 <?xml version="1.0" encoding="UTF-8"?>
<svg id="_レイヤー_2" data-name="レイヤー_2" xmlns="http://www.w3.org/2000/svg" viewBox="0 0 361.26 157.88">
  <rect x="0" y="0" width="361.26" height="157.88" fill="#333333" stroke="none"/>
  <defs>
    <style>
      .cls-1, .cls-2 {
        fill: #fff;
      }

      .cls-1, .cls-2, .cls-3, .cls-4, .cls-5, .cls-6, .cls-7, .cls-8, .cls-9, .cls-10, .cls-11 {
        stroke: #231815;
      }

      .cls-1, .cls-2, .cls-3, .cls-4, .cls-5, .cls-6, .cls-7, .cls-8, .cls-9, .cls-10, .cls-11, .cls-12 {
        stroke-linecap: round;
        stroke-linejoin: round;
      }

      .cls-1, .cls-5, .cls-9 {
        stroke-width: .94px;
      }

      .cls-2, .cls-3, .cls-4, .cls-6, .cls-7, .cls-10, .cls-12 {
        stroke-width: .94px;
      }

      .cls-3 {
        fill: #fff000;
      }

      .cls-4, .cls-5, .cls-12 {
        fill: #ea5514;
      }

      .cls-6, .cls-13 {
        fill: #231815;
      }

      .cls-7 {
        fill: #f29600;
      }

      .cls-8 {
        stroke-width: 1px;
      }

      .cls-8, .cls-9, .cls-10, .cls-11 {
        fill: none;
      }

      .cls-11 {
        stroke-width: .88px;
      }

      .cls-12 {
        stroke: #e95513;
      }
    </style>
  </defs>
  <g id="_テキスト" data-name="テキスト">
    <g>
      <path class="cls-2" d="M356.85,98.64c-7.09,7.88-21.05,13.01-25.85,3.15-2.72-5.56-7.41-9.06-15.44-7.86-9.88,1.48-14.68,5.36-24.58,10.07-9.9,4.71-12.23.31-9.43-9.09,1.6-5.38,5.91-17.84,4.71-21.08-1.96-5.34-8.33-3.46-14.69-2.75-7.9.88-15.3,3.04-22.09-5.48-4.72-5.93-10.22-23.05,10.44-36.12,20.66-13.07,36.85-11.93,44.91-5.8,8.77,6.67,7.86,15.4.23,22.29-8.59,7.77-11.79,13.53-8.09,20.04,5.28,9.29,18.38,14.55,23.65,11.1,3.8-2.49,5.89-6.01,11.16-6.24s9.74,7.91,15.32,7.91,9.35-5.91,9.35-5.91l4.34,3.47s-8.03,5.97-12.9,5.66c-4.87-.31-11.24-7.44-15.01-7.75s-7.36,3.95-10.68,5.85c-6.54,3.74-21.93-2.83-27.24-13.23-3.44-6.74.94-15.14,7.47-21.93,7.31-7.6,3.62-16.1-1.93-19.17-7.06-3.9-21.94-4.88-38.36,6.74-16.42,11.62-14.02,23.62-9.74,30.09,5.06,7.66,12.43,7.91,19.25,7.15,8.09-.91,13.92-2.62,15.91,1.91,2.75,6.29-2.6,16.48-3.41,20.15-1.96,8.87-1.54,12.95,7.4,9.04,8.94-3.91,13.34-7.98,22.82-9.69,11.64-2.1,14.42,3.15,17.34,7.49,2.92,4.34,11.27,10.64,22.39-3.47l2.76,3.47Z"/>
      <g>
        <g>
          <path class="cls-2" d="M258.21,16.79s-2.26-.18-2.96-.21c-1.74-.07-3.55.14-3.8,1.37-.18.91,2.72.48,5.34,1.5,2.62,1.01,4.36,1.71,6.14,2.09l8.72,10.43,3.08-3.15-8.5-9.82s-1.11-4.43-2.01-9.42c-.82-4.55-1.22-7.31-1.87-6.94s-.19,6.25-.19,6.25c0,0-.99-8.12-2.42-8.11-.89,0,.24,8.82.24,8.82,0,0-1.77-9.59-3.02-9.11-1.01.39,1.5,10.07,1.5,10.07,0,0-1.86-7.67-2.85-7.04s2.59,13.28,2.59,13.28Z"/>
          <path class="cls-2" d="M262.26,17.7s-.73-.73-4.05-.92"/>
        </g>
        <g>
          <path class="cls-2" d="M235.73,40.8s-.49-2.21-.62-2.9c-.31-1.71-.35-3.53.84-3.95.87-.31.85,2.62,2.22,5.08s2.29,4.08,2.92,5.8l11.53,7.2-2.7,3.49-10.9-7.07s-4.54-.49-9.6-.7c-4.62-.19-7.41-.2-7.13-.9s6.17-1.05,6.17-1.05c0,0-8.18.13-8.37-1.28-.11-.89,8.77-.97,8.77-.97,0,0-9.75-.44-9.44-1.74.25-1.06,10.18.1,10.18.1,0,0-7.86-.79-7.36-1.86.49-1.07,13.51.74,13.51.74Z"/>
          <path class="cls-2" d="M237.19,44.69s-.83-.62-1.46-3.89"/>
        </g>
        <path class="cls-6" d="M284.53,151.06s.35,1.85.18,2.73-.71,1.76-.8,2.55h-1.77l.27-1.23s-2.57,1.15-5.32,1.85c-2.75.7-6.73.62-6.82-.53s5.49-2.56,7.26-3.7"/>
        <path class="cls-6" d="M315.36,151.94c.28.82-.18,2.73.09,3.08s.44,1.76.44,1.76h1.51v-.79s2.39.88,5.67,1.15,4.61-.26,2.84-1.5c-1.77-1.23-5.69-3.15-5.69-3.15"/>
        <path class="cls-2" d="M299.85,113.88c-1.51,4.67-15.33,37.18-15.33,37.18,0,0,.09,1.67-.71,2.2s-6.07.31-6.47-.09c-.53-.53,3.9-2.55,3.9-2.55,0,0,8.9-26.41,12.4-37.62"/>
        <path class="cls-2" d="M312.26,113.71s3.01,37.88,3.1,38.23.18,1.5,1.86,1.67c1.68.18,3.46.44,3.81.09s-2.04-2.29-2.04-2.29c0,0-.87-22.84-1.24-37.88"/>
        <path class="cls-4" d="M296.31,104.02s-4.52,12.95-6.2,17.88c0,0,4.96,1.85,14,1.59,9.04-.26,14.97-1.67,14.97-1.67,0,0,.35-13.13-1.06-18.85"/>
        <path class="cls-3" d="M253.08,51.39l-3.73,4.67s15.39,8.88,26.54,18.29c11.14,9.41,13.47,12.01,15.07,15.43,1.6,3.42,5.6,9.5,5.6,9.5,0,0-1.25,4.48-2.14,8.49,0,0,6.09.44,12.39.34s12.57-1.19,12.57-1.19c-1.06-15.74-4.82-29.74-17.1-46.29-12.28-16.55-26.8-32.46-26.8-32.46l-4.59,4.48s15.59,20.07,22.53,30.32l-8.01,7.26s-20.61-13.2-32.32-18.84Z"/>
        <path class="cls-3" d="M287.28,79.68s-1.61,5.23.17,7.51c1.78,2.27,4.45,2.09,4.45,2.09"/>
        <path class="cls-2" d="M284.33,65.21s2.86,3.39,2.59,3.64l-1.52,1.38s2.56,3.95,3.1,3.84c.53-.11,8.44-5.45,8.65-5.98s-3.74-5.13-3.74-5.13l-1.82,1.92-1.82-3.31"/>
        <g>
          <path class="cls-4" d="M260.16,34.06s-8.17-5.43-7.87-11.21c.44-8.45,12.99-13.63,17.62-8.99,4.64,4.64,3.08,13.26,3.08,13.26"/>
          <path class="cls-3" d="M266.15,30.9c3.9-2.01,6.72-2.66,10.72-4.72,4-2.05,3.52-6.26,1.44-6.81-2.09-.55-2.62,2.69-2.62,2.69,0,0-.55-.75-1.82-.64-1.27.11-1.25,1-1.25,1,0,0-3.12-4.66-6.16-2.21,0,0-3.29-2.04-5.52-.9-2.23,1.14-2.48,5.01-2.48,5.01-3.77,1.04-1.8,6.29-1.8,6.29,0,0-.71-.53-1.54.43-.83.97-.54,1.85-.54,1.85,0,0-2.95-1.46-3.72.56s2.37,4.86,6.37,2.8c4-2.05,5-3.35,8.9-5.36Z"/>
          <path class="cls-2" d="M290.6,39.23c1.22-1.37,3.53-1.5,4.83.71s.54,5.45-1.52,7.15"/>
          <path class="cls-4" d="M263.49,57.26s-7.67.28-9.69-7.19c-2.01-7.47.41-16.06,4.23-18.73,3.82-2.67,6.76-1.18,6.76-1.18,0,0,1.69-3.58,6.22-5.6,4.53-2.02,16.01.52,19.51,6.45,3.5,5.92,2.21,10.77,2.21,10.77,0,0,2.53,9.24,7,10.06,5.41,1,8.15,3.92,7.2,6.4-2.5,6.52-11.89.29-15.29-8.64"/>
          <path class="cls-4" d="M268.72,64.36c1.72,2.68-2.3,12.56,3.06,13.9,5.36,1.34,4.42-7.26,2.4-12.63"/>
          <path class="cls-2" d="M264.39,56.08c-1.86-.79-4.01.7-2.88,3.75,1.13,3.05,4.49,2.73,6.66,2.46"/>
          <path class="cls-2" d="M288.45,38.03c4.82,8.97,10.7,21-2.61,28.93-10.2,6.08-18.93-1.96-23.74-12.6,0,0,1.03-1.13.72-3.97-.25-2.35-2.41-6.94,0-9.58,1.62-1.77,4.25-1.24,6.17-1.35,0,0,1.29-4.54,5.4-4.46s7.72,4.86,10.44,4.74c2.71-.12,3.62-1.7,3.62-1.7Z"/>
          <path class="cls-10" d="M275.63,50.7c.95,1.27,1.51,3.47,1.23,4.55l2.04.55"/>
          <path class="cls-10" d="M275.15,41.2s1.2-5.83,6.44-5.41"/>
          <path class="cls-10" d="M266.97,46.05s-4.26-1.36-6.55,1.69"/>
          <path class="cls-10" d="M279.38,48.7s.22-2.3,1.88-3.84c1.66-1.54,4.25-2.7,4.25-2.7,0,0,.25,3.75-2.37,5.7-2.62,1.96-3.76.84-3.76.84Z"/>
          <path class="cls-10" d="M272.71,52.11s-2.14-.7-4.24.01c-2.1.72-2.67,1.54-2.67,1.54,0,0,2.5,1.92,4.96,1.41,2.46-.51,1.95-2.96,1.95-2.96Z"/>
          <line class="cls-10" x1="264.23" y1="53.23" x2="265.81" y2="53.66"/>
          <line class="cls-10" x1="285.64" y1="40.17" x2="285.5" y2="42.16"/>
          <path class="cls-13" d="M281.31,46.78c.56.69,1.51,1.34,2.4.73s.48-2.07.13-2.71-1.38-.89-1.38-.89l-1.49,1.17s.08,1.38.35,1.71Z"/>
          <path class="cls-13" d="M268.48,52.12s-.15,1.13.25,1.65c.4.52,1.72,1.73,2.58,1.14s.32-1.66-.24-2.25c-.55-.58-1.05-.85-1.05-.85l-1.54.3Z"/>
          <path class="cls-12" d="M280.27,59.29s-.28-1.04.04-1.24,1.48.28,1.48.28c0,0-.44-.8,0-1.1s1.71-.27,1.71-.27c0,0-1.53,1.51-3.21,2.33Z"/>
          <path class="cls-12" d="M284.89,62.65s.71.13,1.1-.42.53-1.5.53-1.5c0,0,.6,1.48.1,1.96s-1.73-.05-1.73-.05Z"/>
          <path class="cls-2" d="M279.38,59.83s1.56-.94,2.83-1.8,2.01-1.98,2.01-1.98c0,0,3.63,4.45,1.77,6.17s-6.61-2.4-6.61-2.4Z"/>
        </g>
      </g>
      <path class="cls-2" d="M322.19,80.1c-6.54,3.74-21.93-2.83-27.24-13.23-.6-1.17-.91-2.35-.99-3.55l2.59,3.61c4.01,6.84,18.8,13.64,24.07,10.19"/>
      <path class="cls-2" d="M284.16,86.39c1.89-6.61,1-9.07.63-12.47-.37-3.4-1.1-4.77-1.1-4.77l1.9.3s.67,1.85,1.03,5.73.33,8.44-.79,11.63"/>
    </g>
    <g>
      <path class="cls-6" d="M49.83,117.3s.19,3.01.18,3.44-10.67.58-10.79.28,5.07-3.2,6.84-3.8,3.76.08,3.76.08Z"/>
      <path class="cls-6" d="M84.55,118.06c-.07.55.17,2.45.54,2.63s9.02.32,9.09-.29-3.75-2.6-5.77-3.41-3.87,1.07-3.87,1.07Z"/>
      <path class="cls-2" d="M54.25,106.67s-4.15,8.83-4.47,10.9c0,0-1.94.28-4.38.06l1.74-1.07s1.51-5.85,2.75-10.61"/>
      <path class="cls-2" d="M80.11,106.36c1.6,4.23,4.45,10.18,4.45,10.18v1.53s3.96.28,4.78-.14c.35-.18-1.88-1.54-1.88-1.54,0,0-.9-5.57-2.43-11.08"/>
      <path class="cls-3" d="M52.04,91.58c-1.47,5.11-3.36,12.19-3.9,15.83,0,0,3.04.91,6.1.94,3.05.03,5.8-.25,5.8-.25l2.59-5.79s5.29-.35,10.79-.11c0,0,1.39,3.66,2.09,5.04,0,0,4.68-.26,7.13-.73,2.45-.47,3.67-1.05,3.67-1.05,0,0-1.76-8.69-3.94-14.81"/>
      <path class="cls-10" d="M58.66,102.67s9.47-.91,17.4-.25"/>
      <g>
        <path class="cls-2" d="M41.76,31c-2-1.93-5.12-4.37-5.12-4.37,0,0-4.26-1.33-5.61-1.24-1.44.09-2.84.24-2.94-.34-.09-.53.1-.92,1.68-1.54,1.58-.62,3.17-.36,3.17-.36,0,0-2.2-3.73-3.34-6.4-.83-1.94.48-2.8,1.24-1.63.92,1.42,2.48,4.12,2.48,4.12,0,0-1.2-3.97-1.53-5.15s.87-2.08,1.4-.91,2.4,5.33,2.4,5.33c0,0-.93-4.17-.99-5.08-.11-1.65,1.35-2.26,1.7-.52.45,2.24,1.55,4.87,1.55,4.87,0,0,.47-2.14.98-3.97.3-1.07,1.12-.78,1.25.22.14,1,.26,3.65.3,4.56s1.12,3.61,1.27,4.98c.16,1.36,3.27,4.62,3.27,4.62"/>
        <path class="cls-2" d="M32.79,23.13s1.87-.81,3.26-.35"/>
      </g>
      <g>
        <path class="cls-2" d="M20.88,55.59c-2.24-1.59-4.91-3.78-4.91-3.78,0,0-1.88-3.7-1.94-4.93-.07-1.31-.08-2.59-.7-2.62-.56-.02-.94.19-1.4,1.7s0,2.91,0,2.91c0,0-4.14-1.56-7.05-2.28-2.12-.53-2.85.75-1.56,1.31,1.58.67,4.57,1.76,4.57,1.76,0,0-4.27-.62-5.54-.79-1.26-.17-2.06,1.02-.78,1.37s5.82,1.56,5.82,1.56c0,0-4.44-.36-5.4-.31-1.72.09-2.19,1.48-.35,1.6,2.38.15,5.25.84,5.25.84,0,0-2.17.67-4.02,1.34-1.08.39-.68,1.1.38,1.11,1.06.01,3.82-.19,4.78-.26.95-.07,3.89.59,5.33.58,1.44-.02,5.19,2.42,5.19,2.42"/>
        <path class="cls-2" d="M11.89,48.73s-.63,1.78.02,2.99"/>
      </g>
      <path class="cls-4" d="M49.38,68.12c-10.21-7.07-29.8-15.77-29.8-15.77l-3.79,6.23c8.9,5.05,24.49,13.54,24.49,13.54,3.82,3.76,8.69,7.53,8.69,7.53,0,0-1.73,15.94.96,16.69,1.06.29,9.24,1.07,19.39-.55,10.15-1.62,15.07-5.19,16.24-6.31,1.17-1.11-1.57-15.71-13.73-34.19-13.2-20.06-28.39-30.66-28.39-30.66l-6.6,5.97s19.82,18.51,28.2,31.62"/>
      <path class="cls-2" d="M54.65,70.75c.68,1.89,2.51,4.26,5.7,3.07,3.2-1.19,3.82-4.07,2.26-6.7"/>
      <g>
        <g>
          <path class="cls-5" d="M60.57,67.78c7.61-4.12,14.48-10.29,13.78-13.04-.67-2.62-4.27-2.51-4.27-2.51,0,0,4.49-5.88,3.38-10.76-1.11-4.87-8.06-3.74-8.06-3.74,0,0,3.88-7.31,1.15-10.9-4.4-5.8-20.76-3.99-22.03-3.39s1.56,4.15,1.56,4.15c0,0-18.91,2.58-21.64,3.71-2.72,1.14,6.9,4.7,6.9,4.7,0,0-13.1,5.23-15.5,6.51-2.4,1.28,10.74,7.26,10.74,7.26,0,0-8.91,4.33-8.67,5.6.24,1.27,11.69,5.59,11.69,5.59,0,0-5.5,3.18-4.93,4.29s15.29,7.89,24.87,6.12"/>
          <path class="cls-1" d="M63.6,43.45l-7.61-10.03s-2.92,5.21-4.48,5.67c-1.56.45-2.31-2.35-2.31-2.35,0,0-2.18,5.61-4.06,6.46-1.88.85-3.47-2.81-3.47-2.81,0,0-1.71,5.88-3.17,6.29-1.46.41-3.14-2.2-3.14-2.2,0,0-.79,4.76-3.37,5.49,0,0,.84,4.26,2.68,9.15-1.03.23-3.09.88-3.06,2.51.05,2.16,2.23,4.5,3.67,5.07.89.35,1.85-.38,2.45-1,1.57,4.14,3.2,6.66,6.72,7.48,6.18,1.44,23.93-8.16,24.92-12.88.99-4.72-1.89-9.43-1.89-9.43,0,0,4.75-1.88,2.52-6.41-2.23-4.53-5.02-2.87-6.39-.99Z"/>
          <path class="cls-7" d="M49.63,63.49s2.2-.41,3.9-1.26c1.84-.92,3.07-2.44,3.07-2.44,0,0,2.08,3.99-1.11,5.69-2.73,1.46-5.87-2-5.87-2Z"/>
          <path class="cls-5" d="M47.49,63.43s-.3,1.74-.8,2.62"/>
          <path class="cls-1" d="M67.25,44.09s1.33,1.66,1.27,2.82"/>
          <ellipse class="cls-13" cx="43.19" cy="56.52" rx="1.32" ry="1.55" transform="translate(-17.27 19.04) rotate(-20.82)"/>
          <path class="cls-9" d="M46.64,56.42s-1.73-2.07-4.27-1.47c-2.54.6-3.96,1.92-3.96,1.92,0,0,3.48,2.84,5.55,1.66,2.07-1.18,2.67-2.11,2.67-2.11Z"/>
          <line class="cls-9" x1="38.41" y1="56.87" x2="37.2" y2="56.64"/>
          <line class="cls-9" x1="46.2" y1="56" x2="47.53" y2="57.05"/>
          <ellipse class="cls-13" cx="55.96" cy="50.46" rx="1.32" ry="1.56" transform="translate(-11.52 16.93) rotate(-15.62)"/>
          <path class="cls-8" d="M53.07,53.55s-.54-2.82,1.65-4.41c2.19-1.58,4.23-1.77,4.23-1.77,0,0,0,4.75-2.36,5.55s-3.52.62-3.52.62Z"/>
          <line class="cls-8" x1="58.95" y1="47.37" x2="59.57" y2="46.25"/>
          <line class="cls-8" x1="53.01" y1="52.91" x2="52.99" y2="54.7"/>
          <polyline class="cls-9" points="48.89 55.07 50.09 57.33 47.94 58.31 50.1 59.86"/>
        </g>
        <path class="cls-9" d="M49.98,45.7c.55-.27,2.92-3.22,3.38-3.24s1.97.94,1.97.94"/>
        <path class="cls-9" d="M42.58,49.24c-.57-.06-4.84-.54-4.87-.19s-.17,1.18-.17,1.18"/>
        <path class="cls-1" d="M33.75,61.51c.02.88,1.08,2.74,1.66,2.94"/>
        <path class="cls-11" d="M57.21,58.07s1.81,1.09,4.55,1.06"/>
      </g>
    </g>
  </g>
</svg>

◆ ◆ ◆ ◆ ◆ ◆ ◆

# EXERCISE
The lines sought are those in the data above that include the string "fill"; copy each one.

# TASK SOLUTION
  <rect x="0" y="0" width="361.26" height="157.88" fill="#333333" stroke="none"/>
        fill: #fff;
        fill: #fff000;
        fill: #ea5514;
        fill: #231815;
        fill: #f29600;
        fill: none;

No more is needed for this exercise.